(Exercise details): These records need to be repeated exactly, every one of them.

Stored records
»»
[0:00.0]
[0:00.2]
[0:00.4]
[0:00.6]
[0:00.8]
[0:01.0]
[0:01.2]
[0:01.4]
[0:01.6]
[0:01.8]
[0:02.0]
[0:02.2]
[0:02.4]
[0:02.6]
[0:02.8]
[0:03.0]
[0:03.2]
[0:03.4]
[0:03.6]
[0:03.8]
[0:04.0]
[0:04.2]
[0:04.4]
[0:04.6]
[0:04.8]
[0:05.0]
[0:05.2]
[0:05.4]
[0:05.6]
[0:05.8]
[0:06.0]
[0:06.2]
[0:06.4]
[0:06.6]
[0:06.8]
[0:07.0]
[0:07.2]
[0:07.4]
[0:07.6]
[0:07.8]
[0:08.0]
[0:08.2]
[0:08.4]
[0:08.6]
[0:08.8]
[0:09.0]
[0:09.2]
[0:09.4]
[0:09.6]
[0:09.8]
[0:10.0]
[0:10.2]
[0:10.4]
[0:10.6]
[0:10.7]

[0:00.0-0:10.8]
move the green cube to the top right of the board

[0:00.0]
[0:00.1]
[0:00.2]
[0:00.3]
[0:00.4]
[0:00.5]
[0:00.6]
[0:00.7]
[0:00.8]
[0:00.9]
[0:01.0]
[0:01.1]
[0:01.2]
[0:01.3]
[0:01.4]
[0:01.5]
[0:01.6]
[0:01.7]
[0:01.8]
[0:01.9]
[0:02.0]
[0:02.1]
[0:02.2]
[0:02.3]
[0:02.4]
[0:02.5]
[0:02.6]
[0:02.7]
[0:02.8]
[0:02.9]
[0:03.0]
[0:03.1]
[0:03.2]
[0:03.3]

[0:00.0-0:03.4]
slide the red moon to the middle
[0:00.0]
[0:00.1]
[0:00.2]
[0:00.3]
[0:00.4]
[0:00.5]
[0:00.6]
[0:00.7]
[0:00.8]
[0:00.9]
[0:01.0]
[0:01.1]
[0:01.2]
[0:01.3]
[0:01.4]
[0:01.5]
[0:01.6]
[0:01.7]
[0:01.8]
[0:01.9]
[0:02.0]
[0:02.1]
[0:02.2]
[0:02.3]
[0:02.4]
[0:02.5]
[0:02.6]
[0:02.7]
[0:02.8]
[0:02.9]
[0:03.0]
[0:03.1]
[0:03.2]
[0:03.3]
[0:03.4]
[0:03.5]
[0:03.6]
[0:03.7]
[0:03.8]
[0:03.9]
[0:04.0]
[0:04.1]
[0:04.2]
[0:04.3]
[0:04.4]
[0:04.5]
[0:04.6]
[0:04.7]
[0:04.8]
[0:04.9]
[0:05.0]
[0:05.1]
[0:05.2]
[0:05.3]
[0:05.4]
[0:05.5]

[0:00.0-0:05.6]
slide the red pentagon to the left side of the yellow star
««
(Response for this exercise):
[0:00.0]
[0:00.2]
[0:00.4]
[0:00.6]
[0:00.8]
[0:01.0]
[0:01.2]
[0:01.4]
[0:01.6]
[0:01.8]
[0:02.0]
[0:02.2]
[0:02.4]
[0:02.6]
[0:02.8]
[0:03.0]
[0:03.2]
[0:03.4]
[0:03.6]
[0:03.8]
[0:04.0]
[0:04.2]
[0:04.4]
[0:04.6]
[0:04.8]
[0:05.0]
[0:05.2]
[0:05.4]
[0:05.6]
[0:05.8]
[0:06.0]
[0:06.2]
[0:06.4]
[0:06.6]
[0:06.8]
[0:07.0]
[0:07.2]
[0:07.4]
[0:07.6]
[0:07.8]
[0:08.0]
[0:08.2]
[0:08.4]
[0:08.6]
[0:08.8]
[0:09.0]
[0:09.2]
[0:09.4]
[0:09.6]
[0:09.8]
[0:10.0]
[0:10.2]
[0:10.4]
[0:10.6]
[0:10.7]

[0:00.0-0:10.8]
move the green cube to the top right of the board

[0:00.0]
[0:00.1]
[0:00.2]
[0:00.3]
[0:00.4]
[0:00.5]
[0:00.6]
[0:00.7]
[0:00.8]
[0:00.9]
[0:01.0]
[0:01.1]
[0:01.2]
[0:01.3]
[0:01.4]
[0:01.5]
[0:01.6]
[0:01.7]
[0:01.8]
[0:01.9]
[0:02.0]
[0:02.1]
[0:02.2]
[0:02.3]
[0:02.4]
[0:02.5]
[0:02.6]
[0:02.7]
[0:02.8]
[0:02.9]
[0:03.0]
[0:03.1]
[0:03.2]
[0:03.3]

[0:00.0-0:03.4]
slide the red moon to the middle
[0:00.0]
[0:00.1]
[0:00.2]
[0:00.3]
[0:00.4]
[0:00.5]
[0:00.6]
[0:00.7]
[0:00.8]
[0:00.9]
[0:01.0]
[0:01.1]
[0:01.2]
[0:01.3]
[0:01.4]
[0:01.5]
[0:01.6]
[0:01.7]
[0:01.8]
[0:01.9]
[0:02.0]
[0:02.1]
[0:02.2]
[0:02.3]
[0:02.4]
[0:02.5]
[0:02.6]
[0:02.7]
[0:02.8]
[0:02.9]
[0:03.0]
[0:03.1]
[0:03.2]
[0:03.3]
[0:03.4]
[0:03.5]
[0:03.6]
[0:03.7]
[0:03.8]
[0:03.9]
[0:04.0]
[0:04.1]
[0:04.2]
[0:04.3]
[0:04.4]
[0:04.5]
[0:04.6]
[0:04.7]
[0:04.8]
[0:04.9]
[0:05.0]
[0:05.1]
[0:05.2]
[0:05.3]
[0:05.4]
[0:05.5]

[0:00.0-0:05.6]
slide the red pentagon to the left side of the yellow star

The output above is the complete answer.